When the head of the Australian Competition and Consumer Commission, Rod Sims said that he was losing faith in privatisation back in 2016 some heads turned full circle. He told the Melbourne Economic Forum that he had, “been a very strong advocate of privatisation for probably 20 years, but, ‘I’m now almost at the point of opposing privatisation because it’s been done to boost proceeds, it’s been done to boost asset sales and I think it’s severely damaging our economy’.” Sims discovered late what some of us had warned policymakers about back in the 1980s.
For over 30 years, privatisation has been one of the centre-piece policy prescriptions of neo-liberal economists pursuing their mission to dismantle the post-war social democratic state. Converts to the dogma are now becoming sceptics. Neo-liberal economic ideas had their political zenith in the 1980s, propelled by the governments of Margaret Thatcher in the UK and Ronald Regan in the USA. Ten years later they were awash in our political institutions.
Privatisation became an ideological commodity, packaged up and sold by self-interested consulting firms as a wonder drug, capable of delivering 20-30 per cent in service delivery savings to government. There was no robust independent financial analysis underpinning the claimed benefits of privatisation, nor any fair comparative research on the relative performance of public and private sector alternatives. Only one solution was possible in the minds of the neo-liberals and it was always privatisation. Ideological blinkers sustained this tunnel vision for decades, a legacy that normally would take many years to recover from. How quickly circumstances change.
The coronavirus has disrupted the privatisation narrative, forcing government to rethink the role of the public sector. Don’t forget that privatisaiton has always been deeply unpopular in the community with opinion polls consistently reporting overwhelming opposition to the privatisation of public utilities, health and transport services. Despite this, successive governments, mostly conservative ones, have remained hell bent on pushing privatisation of government business enterprises through our parliaments.
They mostly succeeded, leaving a legacy of policy failures that future generations will have to contend with. Looking back on the impact of the privatisation of ETSA can anyone really say with a straight face that it has been a success? Of course they can’t. It has been a monumental policy failure that delivered higher electricity prices.
We may be at a turning point in history. The coronavirus has forced governments here and around the world to take unprecedented action to help prevent the virus from killing tens of millions of people. We have acted boldly and swiftly, delivering a spectacularly successful outcome by global standards. At the heart of the response has been the mobilisation of our public services, particularly our public health system, community services, income and business support systems and police.
A star performer has been SA Pathology, a service at the front-line of the crisis. The State Government had threatened to privatise the service 12 months ago. Today it is being lauded as one of the institutional heroes of last few months, the driver of a world-leading COVID-19 testing regime. Prior to the crisis it had been accused of poor financial performance by the State Government which launched a review of the service. In the 2018 State Budget, the State Government insisted it deliver a $100 million of savings over three years or face privatisation.
SA Pathology embarked on a cost cutting program in 2019 that was beginning to deliver against the savings target. Premier Steven Marshall said it was on track to deliver cost savings of around $25 million over two years. It was not the only public sector agency under pressure to deliver savings prior to the Covid-19 crisis. What is different now is that it is impossible to ignore the incredibly important contributions that public sector agencies like SA Pathology have made to the recovery process so far.
The strategic value of institutions like this that are focused on delivering universal ‘public goods’ is inestimable at this time in our history. It cannot be captured by narrow accounting exercises that inappropriately benchmark public services with stripped back, profit motivated operations.
The retreat from privatisation of SA Pathology in South Australia helps us understand how crises, events and circumstances shape decisions about the role that the public sector plays at particular points in history. It is a welcome development, creating an opportunity for a much wider discussion about what we expect from our governments and how we might best tackle the many challenges that confront us as we recover from the Covid-19 crisis.

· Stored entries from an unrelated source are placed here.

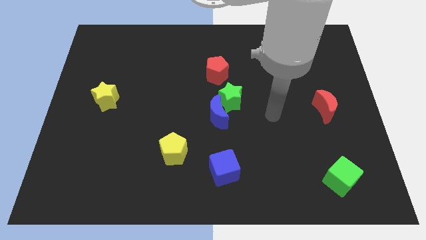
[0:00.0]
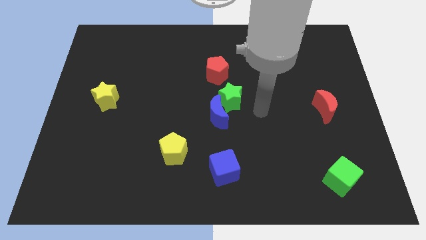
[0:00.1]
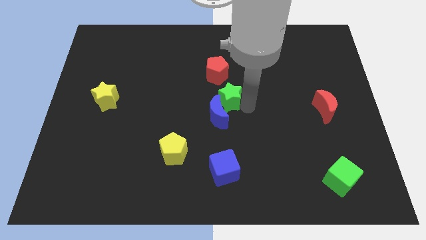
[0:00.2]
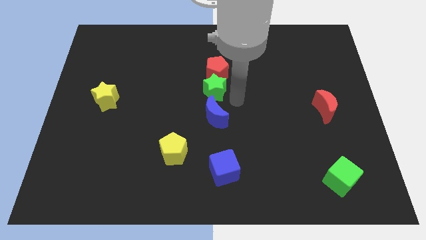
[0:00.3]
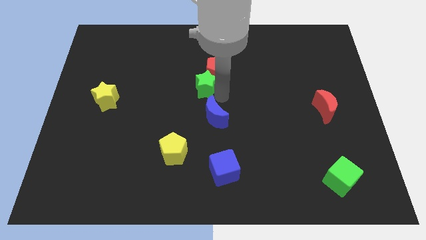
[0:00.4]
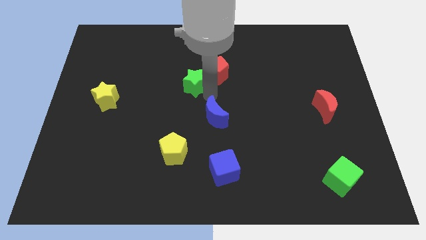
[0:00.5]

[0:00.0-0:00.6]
separate the blue moon from the green star

The South Australian and the Federal Government have relied on the public sector to do most of the heavy lifting during this time of need. They have wisely invested in expanding our capability and capacity to manage the pandemic and provide a life raft for thousands of businesses and millions of people who have lost their jobs. The story of how SA Pathology escaped the clutches of the privatisation juggernaut might be one for the history books.
John Spoehr is Director of the Australian Industrial Transformation Institute at Flinders University in South Australia.